— Brief —
Below are records to repeat exactly; do not include any pictures.
START Material provided
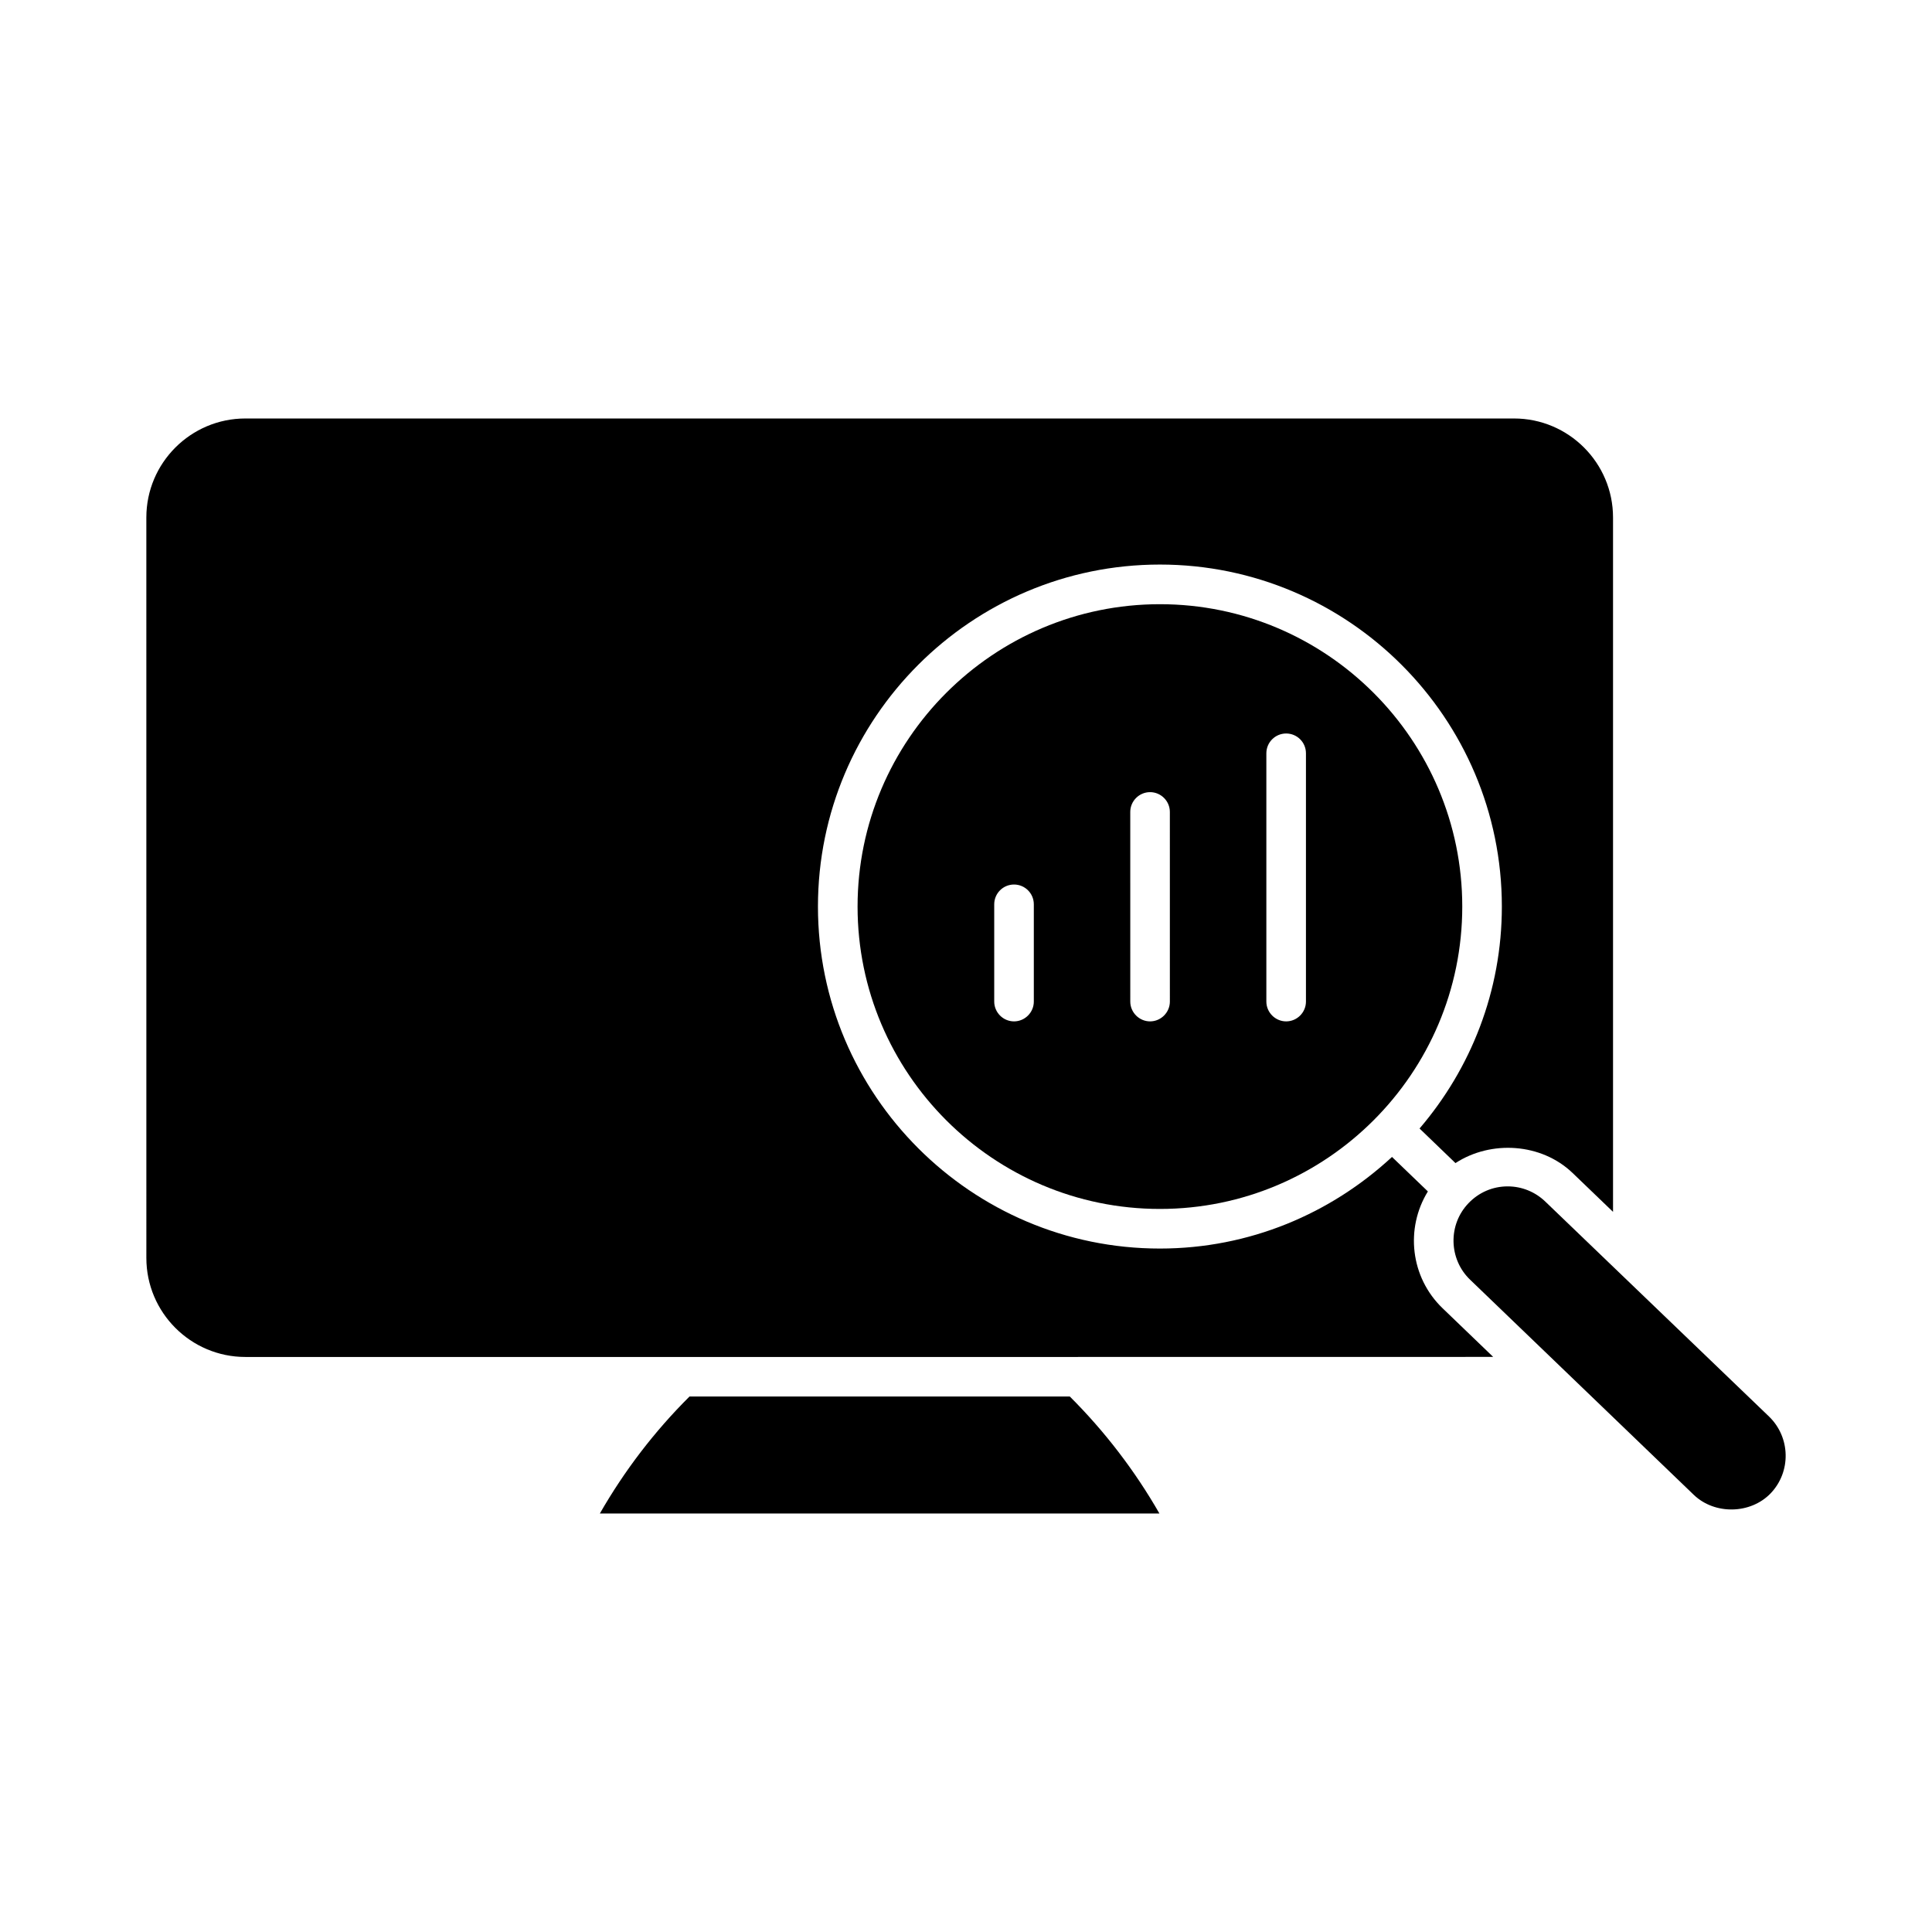 <?xml version="1.0" encoding="UTF-8"?>
<!-- Uploaded to: SVG Repo, www.svgrepo.com, Generator: SVG Repo Mixer Tools -->
<svg fill="#000000" width="800px" height="800px" version="1.1" viewBox="144 144 512 512" xmlns="http://www.w3.org/2000/svg">
 <g>
  <path d="m451.26 545.09h-148.29c6.519-11.355 14.453-21.746 23.754-30.996h100.79c9.289 9.27 17.246 19.664 23.742 30.996z"/>
  <path d="m429.69 503.61h-0.051-105.05-0.043-115.52c-14.465 0-26.238-11.766-26.238-26.238l-0.004-196.23c0-14.473 11.777-26.238 26.238-26.238h336.21c14.473 0 26.238 11.766 26.238 26.238v184.01l-10.695-10.277c-8.293-7.977-21.645-8.773-31.059-2.644l-9.52-9.164c13.57-15.848 21.812-36.367 21.812-58.82 0-49.98-40.66-90.633-90.621-90.633-49.973 0-90.621 40.652-90.621 90.633 0 49.961 40.66 90.633 90.621 90.633 23.754 0 45.312-9.27 61.508-24.277l9.508 9.141c-6.023 9.762-4.672 22.734 3.914 30.973l13.395 12.879-110.02 0.004z"/>
  <path d="m613.23 539.76c-5.312 5.512-14.777 5.719-20.34 0.41l-59.281-57.016c-5.711-5.469-5.91-14.621-0.418-20.32 2.738-2.844 6.402-4.43 10.359-4.43 3.727 0 7.273 1.438 9.961 4.019l59.301 56.973c5.707 5.523 5.894 14.645 0.418 20.363z"/>
  <path d="m451.39 304.12c-44.18 0-80.125 35.961-80.125 80.137 0 44.168 35.949 80.125 80.125 80.125 44.18 0 80.125-35.961 80.125-80.125 0.004-44.168-35.938-80.137-80.125-80.137zm-33.418 105.31c0 2.867-2.363 5.246-5.246 5.246-2.898 0-5.246-2.383-5.246-5.246v-25.777c0-2.906 2.352-5.246 5.246-5.246 2.887 0 5.246 2.34 5.246 5.246zm36.055 0c0 2.867-2.363 5.246-5.246 5.246-2.887 0-5.246-2.383-5.246-5.246l-0.004-50.258c0-2.887 2.363-5.246 5.246-5.246 2.887 0 5.246 2.363 5.246 5.246zm36.062 0c0 2.867-2.352 5.246-5.246 5.246-2.887 0-5.246-2.383-5.246-5.246v-65.801c0-2.906 2.363-5.246 5.246-5.246 2.898 0 5.246 2.34 5.246 5.246z"/>
 </g>
</svg>
END Material provided
— Response —
 <?xml version="1.0" encoding="UTF-8"?>
<!-- Uploaded to: SVG Repo, www.svgrepo.com, Generator: SVG Repo Mixer Tools -->
<svg fill="#000000" width="800px" height="800px" version="1.1" viewBox="144 144 512 512" xmlns="http://www.w3.org/2000/svg">
 <g>
  <path d="m451.26 545.09h-148.29c6.519-11.355 14.453-21.746 23.754-30.996h100.79c9.289 9.27 17.246 19.664 23.742 30.996z"/>
  <path d="m429.69 503.61h-0.051-105.05-0.043-115.52c-14.465 0-26.238-11.766-26.238-26.238l-0.004-196.23c0-14.473 11.777-26.238 26.238-26.238h336.21c14.473 0 26.238 11.766 26.238 26.238v184.01l-10.695-10.277c-8.293-7.977-21.645-8.773-31.059-2.644l-9.52-9.164c13.57-15.848 21.812-36.367 21.812-58.82 0-49.98-40.66-90.633-90.621-90.633-49.973 0-90.621 40.652-90.621 90.633 0 49.961 40.66 90.633 90.621 90.633 23.754 0 45.312-9.27 61.508-24.277l9.508 9.141c-6.023 9.762-4.672 22.734 3.914 30.973l13.395 12.879-110.02 0.004z"/>
  <path d="m613.23 539.76c-5.312 5.512-14.777 5.719-20.34 0.41l-59.281-57.016c-5.711-5.469-5.91-14.621-0.418-20.32 2.738-2.844 6.402-4.43 10.359-4.43 3.727 0 7.273 1.438 9.961 4.019l59.301 56.973c5.707 5.523 5.894 14.645 0.418 20.363z"/>
  <path d="m451.39 304.12c-44.18 0-80.125 35.961-80.125 80.137 0 44.168 35.949 80.125 80.125 80.125 44.18 0 80.125-35.961 80.125-80.125 0.004-44.168-35.938-80.137-80.125-80.137zm-33.418 105.31c0 2.867-2.363 5.246-5.246 5.246-2.898 0-5.246-2.383-5.246-5.246v-25.777c0-2.906 2.352-5.246 5.246-5.246 2.887 0 5.246 2.34 5.246 5.246zm36.055 0c0 2.867-2.363 5.246-5.246 5.246-2.887 0-5.246-2.383-5.246-5.246l-0.004-50.258c0-2.887 2.363-5.246 5.246-5.246 2.887 0 5.246 2.363 5.246 5.246zm36.062 0c0 2.867-2.352 5.246-5.246 5.246-2.887 0-5.246-2.383-5.246-5.246v-65.801c0-2.906 2.363-5.246 5.246-5.246 2.898 0 5.246 2.34 5.246 5.246z"/>
 </g>
</svg>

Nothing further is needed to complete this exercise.